Using The Completeness Axiom To Find Supremum and Saximum.

mliuzzolino

Homework Statement

For each subset of ℝ, give its supremum and its maximum. Justify the answer.

{r $\in \mathbb{Q}$ : r2 ≤ 5}

Homework Equations

Maximum: If an upper bound m for S is a member of S, then m is called the maximum.

Supremum: Let S be a nonempty set of ℝ. If S is bounded above, then the least upper bound of S is called its supremum.

The Attempt at a Solution

Supremum: none, Maximum: none.

We can see that [any positive real number x such that x2 ≤ 5 is an upper bound. The smallest of these upper bounds is $\sqrt{5}$, but since $\sqrt{5} \notin \mathbb{Q}$, then the set has no maximum. Additionally, since $\sqrt{5} \notin \mathbb{Q}$ the set does not have a supremum.

I think this is correct, but I'm not exactly sure. Is there no supremum because even though the least upper bound exists, $\sqrt{5}$, this least upper bound is not in the set of rationals and therefore the set has no supremum?

Homework Helper
The supremum does not have to be inside of your set. ##\sqrt{5}## is indeed the supremum.

mliuzzolino
The book gives some other example where the set T = {q $\in \mathbb{Q}$: 0 ≤ q ≤ $\sqrt{2}$}.

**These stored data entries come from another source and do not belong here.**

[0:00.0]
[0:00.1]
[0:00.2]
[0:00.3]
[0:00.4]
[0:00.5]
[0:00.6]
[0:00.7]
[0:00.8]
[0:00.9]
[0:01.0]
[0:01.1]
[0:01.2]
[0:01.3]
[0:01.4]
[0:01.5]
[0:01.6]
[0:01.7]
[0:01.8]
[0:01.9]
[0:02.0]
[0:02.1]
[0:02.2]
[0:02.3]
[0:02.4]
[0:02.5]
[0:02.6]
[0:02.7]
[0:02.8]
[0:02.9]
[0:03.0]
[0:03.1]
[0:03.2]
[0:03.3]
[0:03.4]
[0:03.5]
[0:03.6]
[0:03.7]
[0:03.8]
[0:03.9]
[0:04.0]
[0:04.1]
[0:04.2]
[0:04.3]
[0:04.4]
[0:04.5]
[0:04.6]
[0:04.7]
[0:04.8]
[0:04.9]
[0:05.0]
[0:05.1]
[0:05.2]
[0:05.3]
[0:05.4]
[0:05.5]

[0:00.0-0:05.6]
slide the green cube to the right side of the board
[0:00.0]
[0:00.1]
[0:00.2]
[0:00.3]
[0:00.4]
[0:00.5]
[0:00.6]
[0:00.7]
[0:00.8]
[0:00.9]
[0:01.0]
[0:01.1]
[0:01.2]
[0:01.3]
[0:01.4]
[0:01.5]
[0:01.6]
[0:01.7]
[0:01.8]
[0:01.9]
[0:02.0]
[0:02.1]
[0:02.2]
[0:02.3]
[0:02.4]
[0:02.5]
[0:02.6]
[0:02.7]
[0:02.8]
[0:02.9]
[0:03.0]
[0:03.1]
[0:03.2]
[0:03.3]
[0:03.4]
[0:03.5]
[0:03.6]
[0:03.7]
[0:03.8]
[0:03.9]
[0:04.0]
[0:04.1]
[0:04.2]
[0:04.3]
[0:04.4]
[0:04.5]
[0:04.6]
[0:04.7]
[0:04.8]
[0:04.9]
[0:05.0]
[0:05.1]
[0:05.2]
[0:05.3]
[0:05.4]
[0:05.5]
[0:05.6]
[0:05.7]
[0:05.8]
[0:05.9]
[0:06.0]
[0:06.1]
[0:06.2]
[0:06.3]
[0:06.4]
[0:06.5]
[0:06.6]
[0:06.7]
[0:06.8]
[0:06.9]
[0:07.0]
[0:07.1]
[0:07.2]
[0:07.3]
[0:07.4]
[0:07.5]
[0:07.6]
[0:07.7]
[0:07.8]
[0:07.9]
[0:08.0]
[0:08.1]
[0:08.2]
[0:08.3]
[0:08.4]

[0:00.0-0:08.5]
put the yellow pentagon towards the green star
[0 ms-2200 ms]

The book then claims that it does not have a supremum when considered as a subset of $\mathbb{Q}$. The problem is that sup T = $\sqrt{2}$, and $\sqrt{2}$ is one of the "holes" in $\mathbb{Q}$ - that is, $\sqrt{2}$ does not exist in $\mathbb{Q}$ and therefore cannot be a Supremum.

Wouldn't the same exact argument apply for $\sqrt{5}$?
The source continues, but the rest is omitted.